The organisation I work for is itself part of a larger story, a faith that is in the West eroding away. This produces pressures and realities. Again, it suggest a set of habits, held to be determinative.
It is tempting in such times to look for the bold gesture and the silver bullet, the only sweeping solution that will herald a new era. I see this embodied in the call for certain types of leaders, or the endless supply of conferences. I see this is the rush toward action. I see this in myself. I see it in others.
So a quiet encouragement today from an unlikely source, Douglas Coupland’s Life After God.

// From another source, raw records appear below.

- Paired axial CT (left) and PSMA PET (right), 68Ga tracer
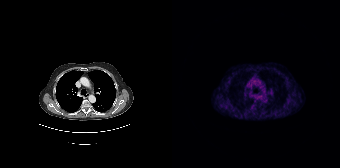
Findings: No PSMA-avid tumor lesions on this slice.
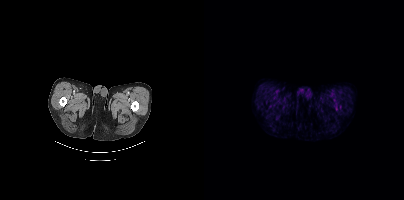
{"pet_grid":[200,200],"coord_frame":"pet_panel","coord_format":"x0,y0,x1,y1","psma_avid_lesions":false,"modality":"PSMA PET/CT","view":"axial","tracer":"18F-PSMA"}
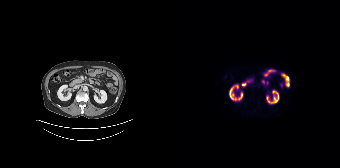
- Paired axial CT (left) and PSMA PET (right), 18F-PSMA tracer
- slice position z = -910 mm
Findings: This slice has no annotated PSMA-avid lesion.
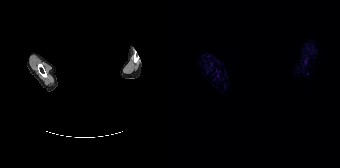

“And if we were to collect these small moments in a notebook and save them over a period of months we would see certain trends emerge from our collection—certain voices would emerge that have been trying to speak through us. We would realize that we have been having another life altogether; one we didn’t even know was going on inside us. And maybe this other life is more important than the one we think of as being real—this clunky day-to-day world of furniture and noise and metal. So just maybe it is these small silent moments which are the true story-making events of our lives.” Life After God
Key words that I ponder – collect, small, inside, silent, story-making. It has echoes of the work of Parker Palmer, Let Your Life Speak: Listening for the Voice of Vocation, his call to let the true story inside each of us be heard. A story repressed by ourselves, by our families of origin, by our society. Yet inside us, it calls, offering us, if we will listen, our true vocation.
A call to reject the grand gesture and instead look for small moments, the repeated habits, the attitudes. To see in these the enormous potential for change, by the simple act of listening, journalling even, and over time, letting the trends surface, and in them weaving a story. Not a surface story of first appearances, but a true, deep story.
That is my task today – to continue to listen, to collect, to discern – another story.